In keeping with the refractory nature of the status epilepticus (SE), patients received a median of five antiepileptic drugs (AEDs), and three-quarters were treated with continuous anesthetic agents. Those with known and those with cryptogenic etiology were equally likely to be treated with anesthetics; however, those with an identified cause were somewhat more likely to receive immunotherapy in this retrospective study.

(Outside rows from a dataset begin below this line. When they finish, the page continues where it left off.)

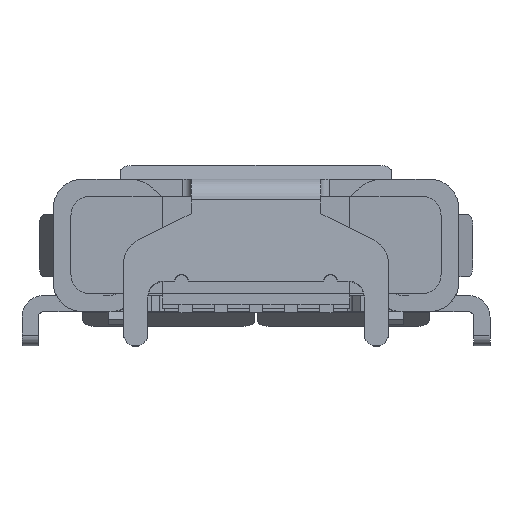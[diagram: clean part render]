
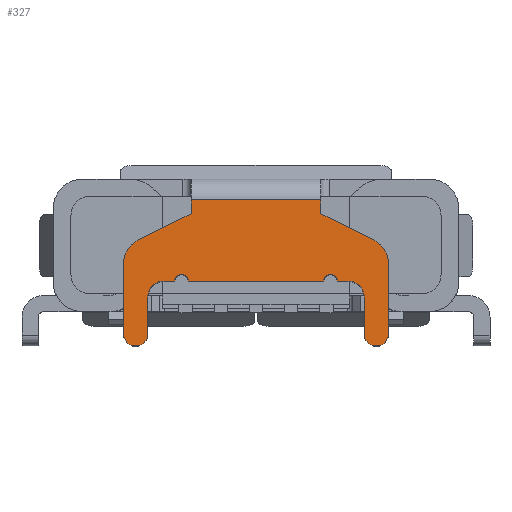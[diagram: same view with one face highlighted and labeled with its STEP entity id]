
A CAD part, top view. The second image highlights one B-rep face of the part: STEP entity #327.
In plain terms, the highlighted planar face has unit normal (0, 0.037, 0.999).
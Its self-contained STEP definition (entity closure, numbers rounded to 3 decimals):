
#327=ADVANCED_FACE('',(#1117),#1118,.T.);
#1117=FACE_OUTER_BOUND('',#2345,.T.);
#1118=PLANE('',#2346);
#2345=EDGE_LOOP('',(#5381,#5382,#5383,#5384,#5385,#5386,#5387,#5388,#5389,#5390,#5391,#5392,#5393,#5394,#5395,#5396,#5397,#5398,#5399,#5400,#5401,#5402,#5403,#5404));
#2346=AXIS2_PLACEMENT_3D('',#5405,#5406,#5407);
#5381=ORIENTED_EDGE('',*,*,#8037,.F.);
#5382=ORIENTED_EDGE('',*,*,#8040,.F.);
#5383=ORIENTED_EDGE('',*,*,#8041,.T.);
#5384=ORIENTED_EDGE('',*,*,#8042,.F.);
#5385=ORIENTED_EDGE('',*,*,#7066,.T.);
#5386=ORIENTED_EDGE('',*,*,#8043,.T.);
#5387=ORIENTED_EDGE('',*,*,#8044,.F.);
#5388=ORIENTED_EDGE('',*,*,#8045,.T.);
#5389=ORIENTED_EDGE('',*,*,#8046,.T.);
#5390=ORIENTED_EDGE('',*,*,#7070,.T.);
#5391=ORIENTED_EDGE('',*,*,#8047,.T.);
#5392=ORIENTED_EDGE('',*,*,#8048,.T.);
#5393=ORIENTED_EDGE('',*,*,#7062,.T.);
#5394=ORIENTED_EDGE('',*,*,#8049,.T.);
#5395=ORIENTED_EDGE('',*,*,#8050,.T.);
#5396=ORIENTED_EDGE('',*,*,#8051,.T.);
#5397=ORIENTED_EDGE('',*,*,#8052,.F.);
#5398=ORIENTED_EDGE('',*,*,#7058,.T.);
#5399=ORIENTED_EDGE('',*,*,#8053,.T.);
#5400=ORIENTED_EDGE('',*,*,#8054,.F.);
#5401=ORIENTED_EDGE('',*,*,#8055,.T.);
#5402=ORIENTED_EDGE('',*,*,#8056,.F.);
#5403=ORIENTED_EDGE('',*,*,#7519,.F.);
#5404=ORIENTED_EDGE('',*,*,#8039,.F.);
#5405=CARTESIAN_POINT('',(-3.876,-1.006,1.803));
#5406=DIRECTION('',(0.0,0.037,0.999));
#5407=DIRECTION('',(1.0,-0.0,0.0));
#7058=EDGE_CURVE('',#8448,#8445,#8449,.T.);
#7062=EDGE_CURVE('',#8456,#8453,#8457,.F.);
#7066=EDGE_CURVE('',#8464,#8461,#8465,.T.);
#7070=EDGE_CURVE('',#8472,#8469,#8473,.F.);
#7519=EDGE_CURVE('',#9303,#9305,#9306,.T.);
#8037=EDGE_CURVE('',#10119,#10121,#10122,.T.);
#8039=EDGE_CURVE('',#10121,#9303,#10124,.T.);
#8040=EDGE_CURVE('',#10125,#10119,#10126,.F.);
#8041=EDGE_CURVE('',#10125,#10127,#10128,.T.);
#8042=EDGE_CURVE('',#8464,#10127,#10129,.F.);
#8043=EDGE_CURVE('',#8461,#10130,#10131,.T.);
#8044=EDGE_CURVE('',#10132,#10130,#10133,.F.);
#8045=EDGE_CURVE('',#10132,#10134,#10135,.F.);
#8046=EDGE_CURVE('',#10134,#8472,#10136,.T.);
#8047=EDGE_CURVE('',#8469,#10137,#10138,.F.);
#8048=EDGE_CURVE('',#10137,#8456,#10139,.T.);
#8049=EDGE_CURVE('',#8453,#10140,#10141,.F.);
#8050=EDGE_CURVE('',#10140,#10142,#10143,.T.);
#8051=EDGE_CURVE('',#10142,#10144,#10145,.F.);
#8052=EDGE_CURVE('',#8448,#10144,#10146,.F.);
#8053=EDGE_CURVE('',#8445,#10147,#10148,.T.);
#8054=EDGE_CURVE('',#10149,#10147,#10150,.F.);
#8055=EDGE_CURVE('',#10149,#10151,#10152,.T.);
#8056=EDGE_CURVE('',#9305,#10151,#10153,.F.);
#8445=VERTEX_POINT('',#10737);
#8448=VERTEX_POINT('',#10741);
#8449=CIRCLE('',#10742,0.225);
#8453=VERTEX_POINT('',#10747);
#8456=VERTEX_POINT('',#10751);
#8457=CIRCLE('',#10752,0.125);
#8461=VERTEX_POINT('',#10757);
#8464=VERTEX_POINT('',#10761);
#8465=CIRCLE('',#10762,0.225);
#8469=VERTEX_POINT('',#10767);
#8472=VERTEX_POINT('',#10771);
#8473=CIRCLE('',#10772,0.125);
#9303=VERTEX_POINT('',#12039);
#9305=VERTEX_POINT('',#12041);
#9306=LINE('',#12042,#12043);
#10119=VERTEX_POINT('',#13303);
#10121=VERTEX_POINT('',#13306);
#10122=LINE('',#13307,#13308);
#10124=LINE('',#13310,#13311);
#10125=VERTEX_POINT('',#13312);
#10126=LINE('',#13313,#13314);
#10127=VERTEX_POINT('',#13315);
#10128=CIRCLE('',#13316,0.5);
#10129=LINE('',#13317,#13318);
#10130=VERTEX_POINT('',#13319);
#10131=CIRCLE('',#13320,0.225);
#10132=VERTEX_POINT('',#13321);
#10133=LINE('',#13322,#13323);
#10134=VERTEX_POINT('',#13324);
#10135=CIRCLE('',#13325,0.3);
#10136=LINE('',#13326,#13327);
#10137=VERTEX_POINT('',#13328);
#10138=CIRCLE('',#13329,0.125);
#10139=LINE('',#13330,#13331);
#10140=VERTEX_POINT('',#13332);
#10141=CIRCLE('',#13333,0.125);
#10142=VERTEX_POINT('',#13334);
#10143=LINE('',#13335,#13336);
#10144=VERTEX_POINT('',#13337);
#10145=CIRCLE('',#13338,0.3);
#10146=LINE('',#13339,#13340);
#10147=VERTEX_POINT('',#13341);
#10148=CIRCLE('',#13342,0.225);
#10149=VERTEX_POINT('',#13343);
#10150=LINE('',#13344,#13345);
#10151=VERTEX_POINT('',#13346);
#10152=CIRCLE('',#13347,0.5);
#10153=LINE('',#13348,#13349);
#10737=CARTESIAN_POINT('',(0.925,-0.935,1.8));
#10741=CARTESIAN_POINT('',(0.7,-0.71,1.792));
#10742=AXIS2_PLACEMENT_3D('',#14279,#14280,#14281);
#10747=CARTESIAN_POINT('',(0.075,0.389,1.751));
#10751=CARTESIAN_POINT('',(-0.05,0.264,1.755));
#10752=AXIS2_PLACEMENT_3D('',#14287,#14288,#14289);
#10757=CARTESIAN_POINT('',(-3.525,-0.935,1.8));
#10761=CARTESIAN_POINT('',(-3.75,-0.71,1.792));
#10762=AXIS2_PLACEMENT_3D('',#14295,#14296,#14297);
#10767=CARTESIAN_POINT('',(-2.675,0.389,1.751));
#10771=CARTESIAN_POINT('',(-2.8,0.264,1.755));
#10772=AXIS2_PLACEMENT_3D('',#14303,#14304,#14305);
#12039=CARTESIAN_POINT('',(-0.1,1.765,1.7));
#12041=CARTESIAN_POINT('',(-0.1,1.51,1.709));
#12042=CARTESIAN_POINT('',(-0.1,0.241,1.756));
#12043=VECTOR('',#14975,1.0);
#13303=CARTESIAN_POINT('',(-2.5,1.51,1.709));
#13306=CARTESIAN_POINT('',(-2.5,1.765,1.7));
#13307=CARTESIAN_POINT('',(-2.5,0.236,1.757));
#13308=VECTOR('',#15704,1.0);
#13310=CARTESIAN_POINT('',(-0.028,1.765,1.7));
#13311=VECTOR('',#15708,1.0);
#13312=CARTESIAN_POINT('',(-3.474,1.023,1.727));
#13313=CARTESIAN_POINT('',(-3.54,0.99,1.729));
#13314=VECTOR('',#15709,1.0);
#13315=CARTESIAN_POINT('',(-3.75,0.576,1.744));
#13316=AXIS2_PLACEMENT_3D('',#15710,#15711,#15712);
#13317=CARTESIAN_POINT('',(-3.75,-0.197,1.773));
#13318=VECTOR('',#15713,1.0);
#13319=CARTESIAN_POINT('',(-3.3,-0.71,1.792));
#13320=AXIS2_PLACEMENT_3D('',#15714,#15715,#15716);
#13321=CARTESIAN_POINT('',(-3.3,-0.036,1.767));
#13322=CARTESIAN_POINT('',(-3.3,-0.868,1.798));
#13323=VECTOR('',#15717,1.0);
#13324=CARTESIAN_POINT('',(-3.,0.264,1.755));
#13325=AXIS2_PLACEMENT_3D('',#15718,#15719,#15720);
#13326=CARTESIAN_POINT('',(-3.334,0.264,1.755));
#13327=VECTOR('',#15721,1.0);
#13328=CARTESIAN_POINT('',(-2.55,0.264,1.755));
#13329=AXIS2_PLACEMENT_3D('',#15722,#15723,#15724);
#13330=CARTESIAN_POINT('',(-1.93,0.264,1.755));
#13331=VECTOR('',#15725,1.0);
#13332=CARTESIAN_POINT('',(0.2,0.264,1.755));
#13333=AXIS2_PLACEMENT_3D('',#15726,#15727,#15728);
#13334=CARTESIAN_POINT('',(0.4,0.264,1.755));
#13335=CARTESIAN_POINT('',(-1.734,0.264,1.755));
#13336=VECTOR('',#15729,1.0);
#13337=CARTESIAN_POINT('',(0.7,-0.036,1.767));
#13338=AXIS2_PLACEMENT_3D('',#15730,#15731,#15732);
#13339=CARTESIAN_POINT('',(0.7,-0.511,1.784));
#13340=VECTOR('',#15733,1.0);
#13341=CARTESIAN_POINT('',(1.15,-0.71,1.792));
#13342=AXIS2_PLACEMENT_3D('',#15734,#15735,#15736);
#13343=CARTESIAN_POINT('',(1.15,0.576,1.744));
#13344=CARTESIAN_POINT('',(1.15,-0.876,1.798));
#13345=VECTOR('',#15737,1.0);
#13346=CARTESIAN_POINT('',(0.874,1.023,1.727));
#13347=AXIS2_PLACEMENT_3D('',#15738,#15739,#15740);
#13348=CARTESIAN_POINT('',(-0.606,1.763,1.7));
#13349=VECTOR('',#15741,1.0);
#14279=CARTESIAN_POINT('',(0.925,-0.71,1.792));
#14280=DIRECTION('',(0.0,0.037,0.999));
#14281=DIRECTION('',(0.0,0.999,-0.037));
#14287=CARTESIAN_POINT('',(0.075,0.264,1.755));
#14288=DIRECTION('',(0.0,0.037,0.999));
#14289=DIRECTION('',(0.0,0.999,-0.037));
#14295=CARTESIAN_POINT('',(-3.525,-0.71,1.792));
#14296=DIRECTION('',(0.0,0.037,0.999));
#14297=DIRECTION('',(0.0,0.999,-0.037));
#14303=CARTESIAN_POINT('',(-2.675,0.264,1.755));
#14304=DIRECTION('',(0.0,0.037,0.999));
#14305=DIRECTION('',(0.0,0.999,-0.037));
#14975=DIRECTION('',(0.0,-0.999,0.037));
#15704=DIRECTION('',(0.0,0.999,-0.037));
#15708=DIRECTION('',(1.0,-0.0,0.0));
#15709=DIRECTION('',(-0.894,-0.447,0.017));
#15710=CARTESIAN_POINT('',(-3.25,0.576,1.744));
#15711=DIRECTION('',(0.0,0.037,0.999));
#15712=DIRECTION('',(0.0,0.999,-0.037));
#15713=DIRECTION('',(0.0,-0.999,0.037));
#15714=CARTESIAN_POINT('',(-3.525,-0.71,1.792));
#15715=DIRECTION('',(0.0,0.037,0.999));
#15716=DIRECTION('',(0.0,0.999,-0.037));
#15717=DIRECTION('',(0.0,0.999,-0.037));
#15718=CARTESIAN_POINT('',(-3.,-0.036,1.767));
#15719=DIRECTION('',(0.0,0.037,0.999));
#15720=DIRECTION('',(0.0,-0.999,0.037));
#15721=DIRECTION('',(1.0,0.0,-0.0));
#15722=CARTESIAN_POINT('',(-2.675,0.264,1.755));
#15723=DIRECTION('',(0.0,0.037,0.999));
#15724=DIRECTION('',(0.0,0.999,-0.037));
#15725=DIRECTION('',(1.0,0.0,-0.0));
#15726=CARTESIAN_POINT('',(0.075,0.264,1.755));
#15727=DIRECTION('',(0.0,0.037,0.999));
#15728=DIRECTION('',(0.0,0.999,-0.037));
#15729=DIRECTION('',(1.0,0.0,-0.0));
#15730=CARTESIAN_POINT('',(0.4,-0.036,1.767));
#15731=DIRECTION('',(0.0,0.037,0.999));
#15732=DIRECTION('',(0.0,-0.999,0.037));
#15733=DIRECTION('',(0.0,-0.999,0.037));
#15734=CARTESIAN_POINT('',(0.925,-0.71,1.792));
#15735=DIRECTION('',(0.0,0.037,0.999));
#15736=DIRECTION('',(0.0,0.999,-0.037));
#15737=DIRECTION('',(0.0,0.999,-0.037));
#15738=CARTESIAN_POINT('',(0.65,0.576,1.744));
#15739=DIRECTION('',(0.0,0.037,0.999));
#15740=DIRECTION('',(0.0,-0.999,0.037));
#15741=DIRECTION('',(-0.894,0.447,-0.017));

A majority of patients (77 of 125 cases; 62%) had poor outcome (modified Rankin Scale, 0–3) at hospital discharge, and 22% died in hospital. However, longer-term, 9-month follow-up, available in two-thirds of survivors, showed continued improvements in a majority, with good or fair outcomes in 79% of the surviving group. Longer duration or greater severity of SE was associated with poorer outcomes, but good to fair outcomes were still seen in a substantial minority of patients in RSE for more than a week (23%) or even a month (14%), suggesting that prolonged treatment of these patients is not futile. Whether use of anesthetic agents affects outcome in SE has been controversial. In this cohort, use and number of anesthetic agents were associated with poor outcome and increased mortality, but not after controlling for duration and severity of SE and burden of complications, suggesting that anesthetic use may simply be an indicator of more severe SE.

The descriptive findings and associations with outcome described by Gaspard et al. provide a clearer, but still incomplete, picture of NORSE syndrome. Cases of RSE that appeared cryptogenic in the first 48 hours ultimately had an etiology identified nearly half of the time, yet half remained unexplained. Similarities in the clinical features and lab findings between patients with autoimmune causes and those without known etiology and the steady progress in discovery of new autoantibodies suggest that we may identify an autoimmune etiology in more of these cases in the future. The study design did not allow for a clear understanding of the role of early immunotherapy in NORSE. Because the response of autoimmune epilepsy in general appears better with early immunotherapy, the role of early immunotherapy in NORSE should be a focus of future research.

Those of a certain age may remember the song “A Horse With No Name” by America that improbably bumped Neil Young's “Heart of Gold” from the #1 spot on the US pop charts in 1972. The song, set in the desert, was panned by critics because of inane lyrics such as “the heat was hot” and “there were plants and birds and rocks and things….” Likewise, despite the knowledge gained from large case series such as the present one, we often still can't be much more eloquent in defining etiology in many cases of new-onset refractory status epilepticus. There are viruses and autoantibodies and paraneoplastic causes and things, but in many instances, we are still left with a NORSE with no name.